Negri E, Tzonou A, Beral V, Lagiou P, Trichopoulos D, Parazzini F, Franceschi S, Booth M, La Vecchia C
Istituto di Ricerche Farmacologiche Mario Negri, Milan, Italy.
Int J Cancer. 1999 Mar 15;80(6):848-51. doi: 10.1002/(sici)1097-0215(19990315)80:6<848::aid-ijc8>3.0.co;2-e.
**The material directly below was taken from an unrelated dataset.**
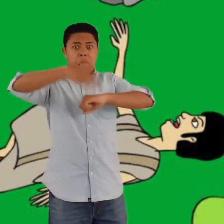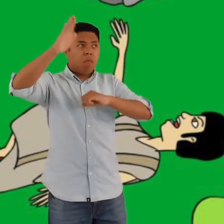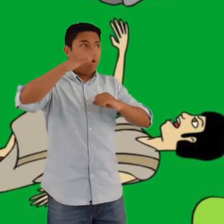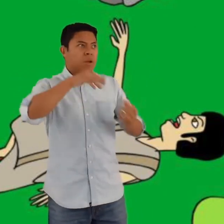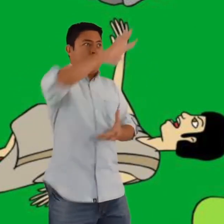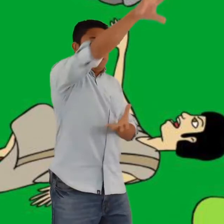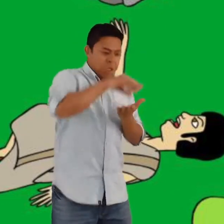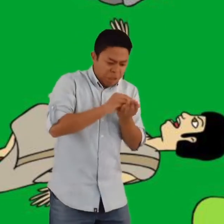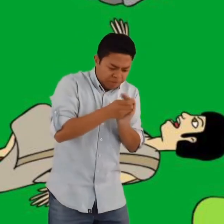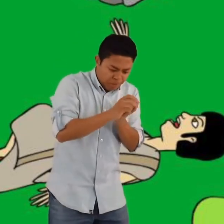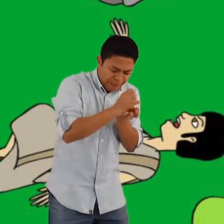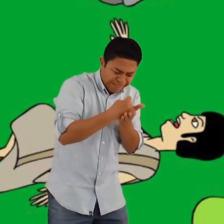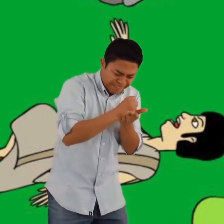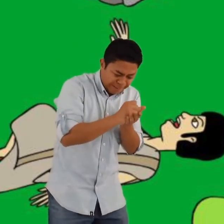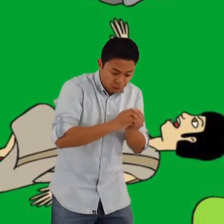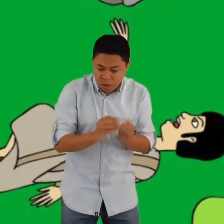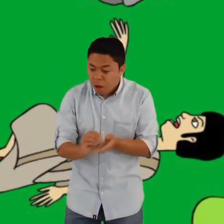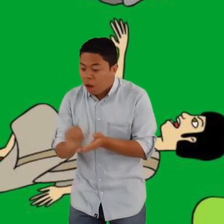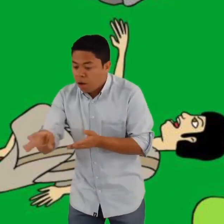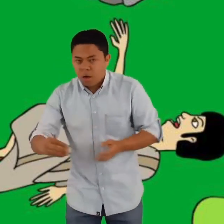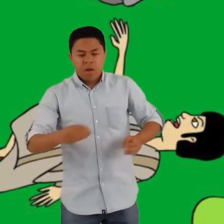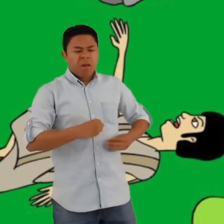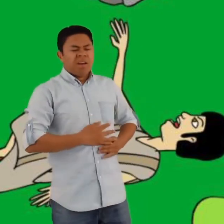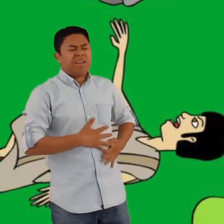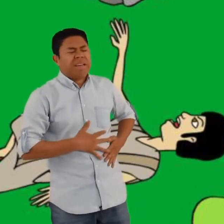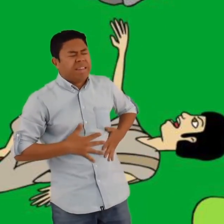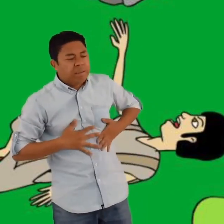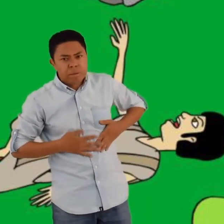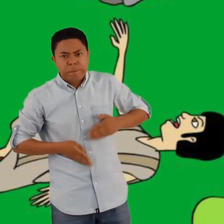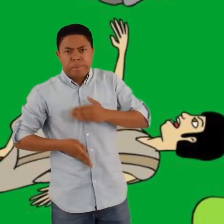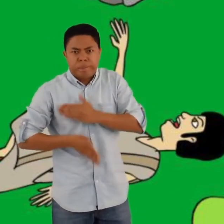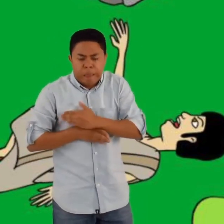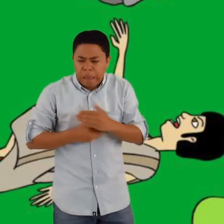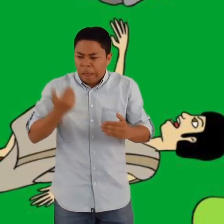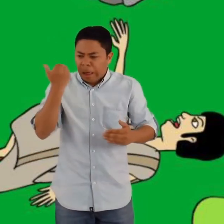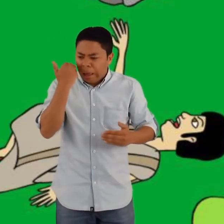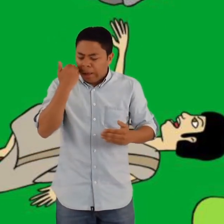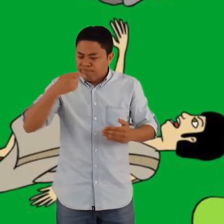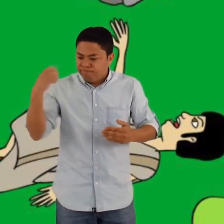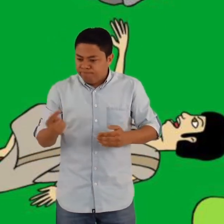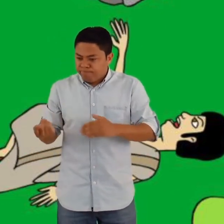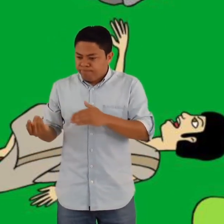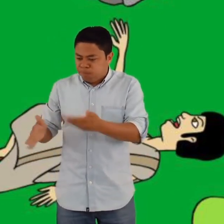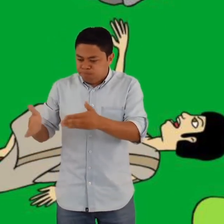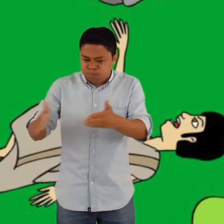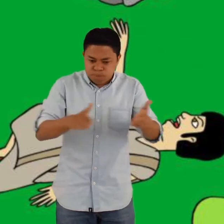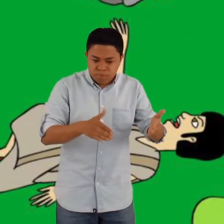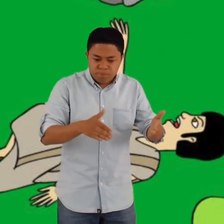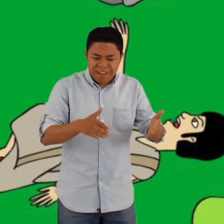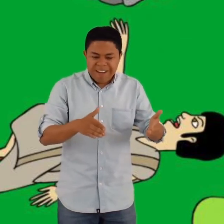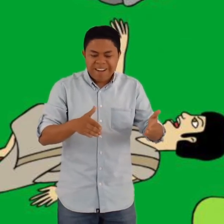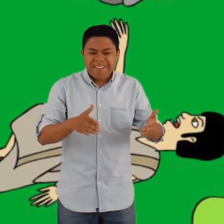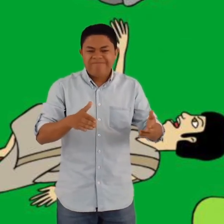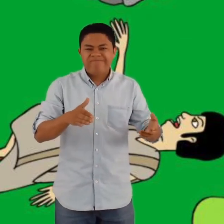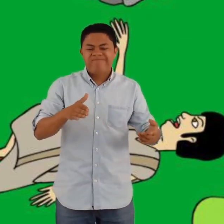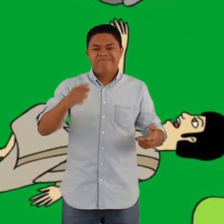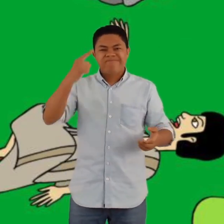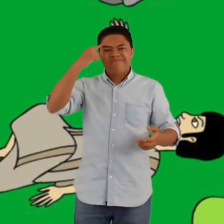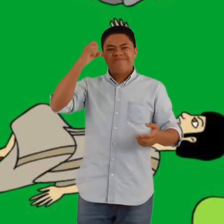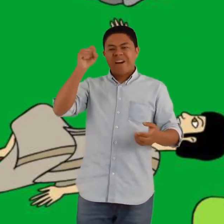curaban. Continuaban con los dolores de estómago y algunos de ellos murieron. Se dieron cuenta de que los ancianos eran quienes sabían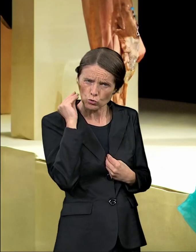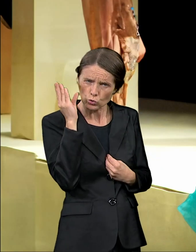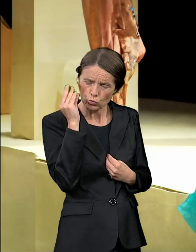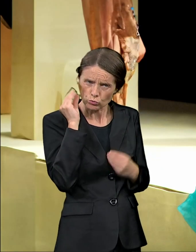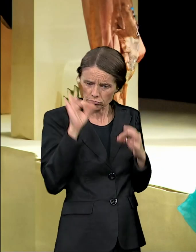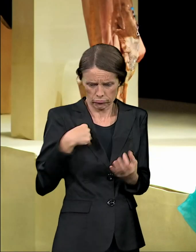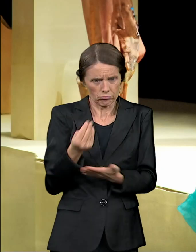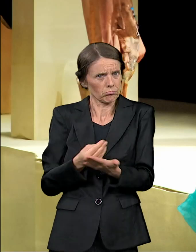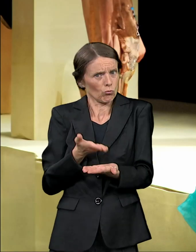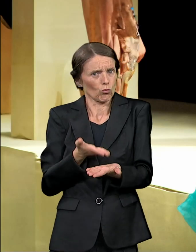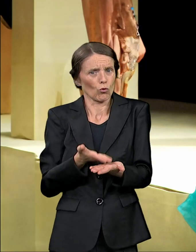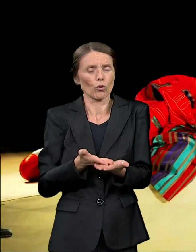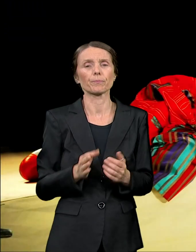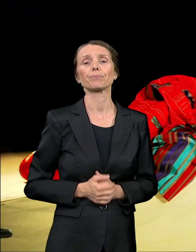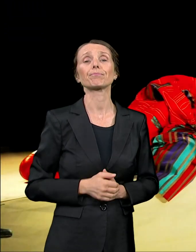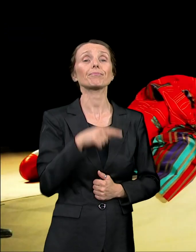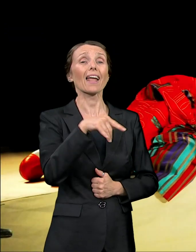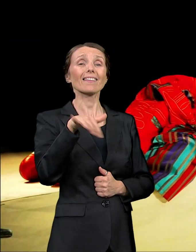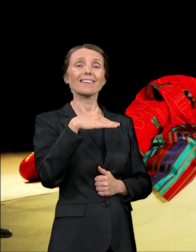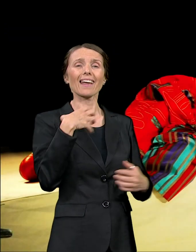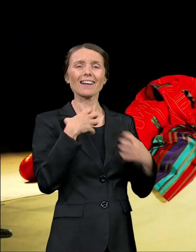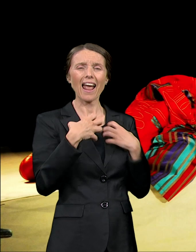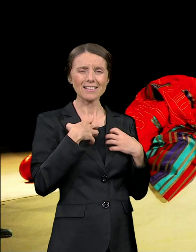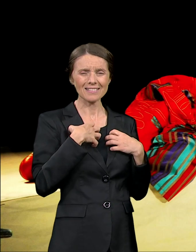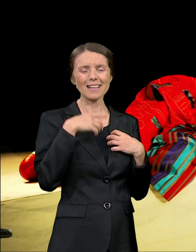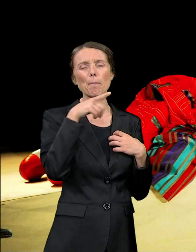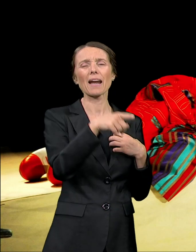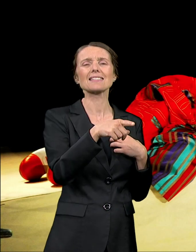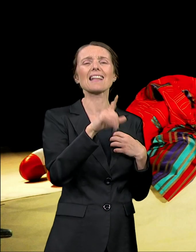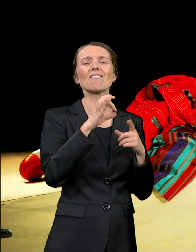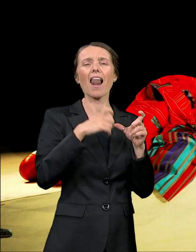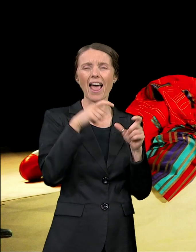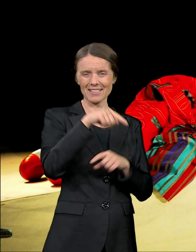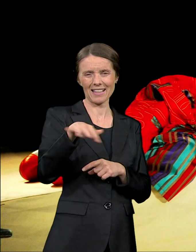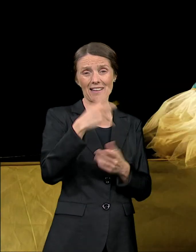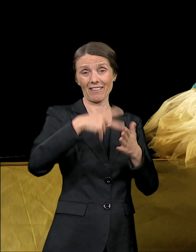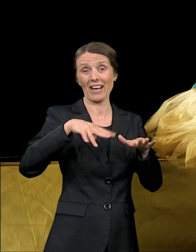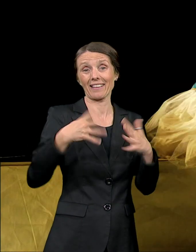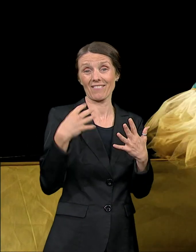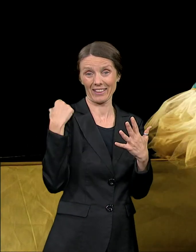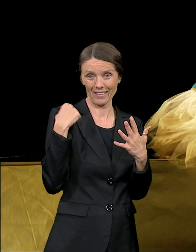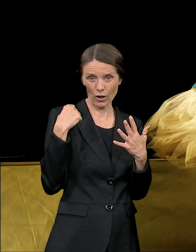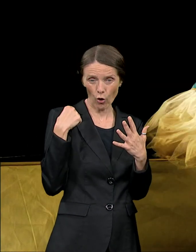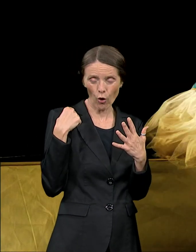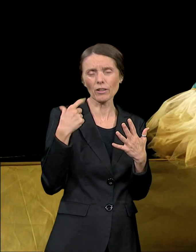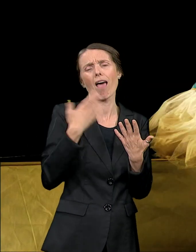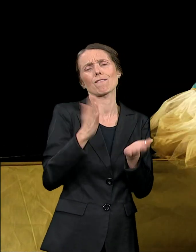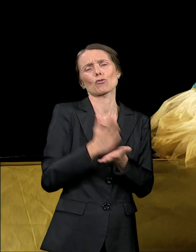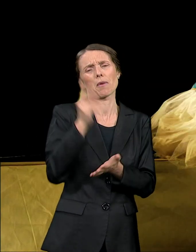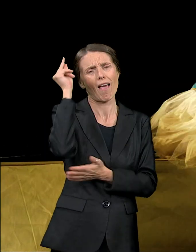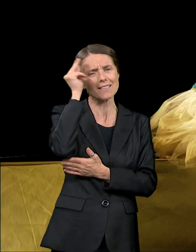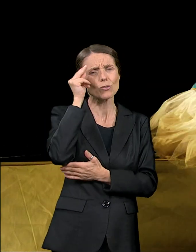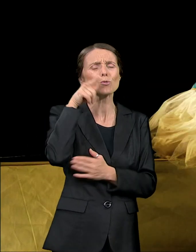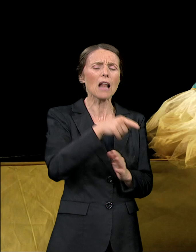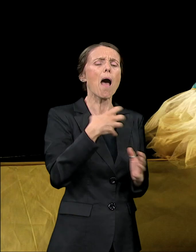U obnovljenoj lastradi na terazijama 2009. godine, poput iskusnog scenografa, rekvizitom je napravila ilustraciju za kraj

The relationship between hormonal therapy for menopause (hormone replacement therapy, HRT) and the risk of epithelial ovarian cancer was evaluated in a collaborative re-analysis of 4 European case-control studies, 2 conducted in Greece and 1 each in Italy and the United Kingdom, including a total of 1,470 ovarian cancer cases and 3,271 hospital controls. Odds ratios (ORs) for HRT use were derived after allowance for study centre, age, socio-economic level, parity, menopausal status, type of menopause, age at menopause and oral contraceptive use. Overall, 109 (8.0%) ovarian cancer cases and 146 (4.7%) controls had ever used HRT, corresponding to an adjusted OR of 1.71 (95% confidence interval 1.30-2.25). The point estimates of the OR were 1.77 in the first Greek study, 1.40 in the second Greek study, 1.66 in the Italian study and 1.68 in the British study. Adjustment for possible confounders, including menopausal status, type of menopause, age at menopause and oral contraceptive use, slightly increased the OR. Limiting the analysis to women with information on relevant aspects of HRT use revealed a weak positive association with duration and some evidence that the excess relative risk for ovarian cancer declined with time since last use. These findings are compatible with a promoting effect of HRT in ovarian carcinogenesis. It is also possible, however, that the positive association reflects chance or selective administration of HRT to high-risk individuals, since until recently in Europe HRT was prescribed mainly for alleviation of peri-menopausal symptoms.
在对4项欧洲病例对照研究进行的一项合作重新分析中,评估了更年期激素治疗(激素替代疗法,HRT)与上皮性卵巢癌风险之间的关系。其中2项研究在希腊进行,1项在意大利进行,1项在英国进行,总共纳入了1470例卵巢癌病例和3271例医院对照。在考虑研究中心、年龄、社会经济水平、产次、绝经状态、绝经类型、绝经年龄和口服避孕药使用情况后,得出了使用HRT的比值比(OR)。总体而言,109例(8.0%)卵巢癌病例和146例(4.7%)对照曾使用过HRT,对应的调整后OR为1.71(95%置信区间1.30 - 2.25)。在第一项希腊研究中,OR的点估计值为1.77,第二项希腊研究中为1.40,意大利研究中为1.66,英国研究中为1.68。对包括绝经状态、绝经类型、绝经年龄和口服避孕药使用情况等可能的混杂因素进行调整后,OR略有增加。将分析局限于具有HRT使用相关方面信息的女性,发现与使用持续时间呈弱正相关,并且有一些证据表明,自上次使用HRT以来,卵巢癌的超额相对风险随时间下降。这些发现与HRT在卵巢癌发生过程中的促进作用相符。然而,也有可能这种正相关反映的是偶然性,或者是对高危个体选择性使用HRT,因为直到最近在欧洲,HRT主要是为缓解围绝经期症状而开具的。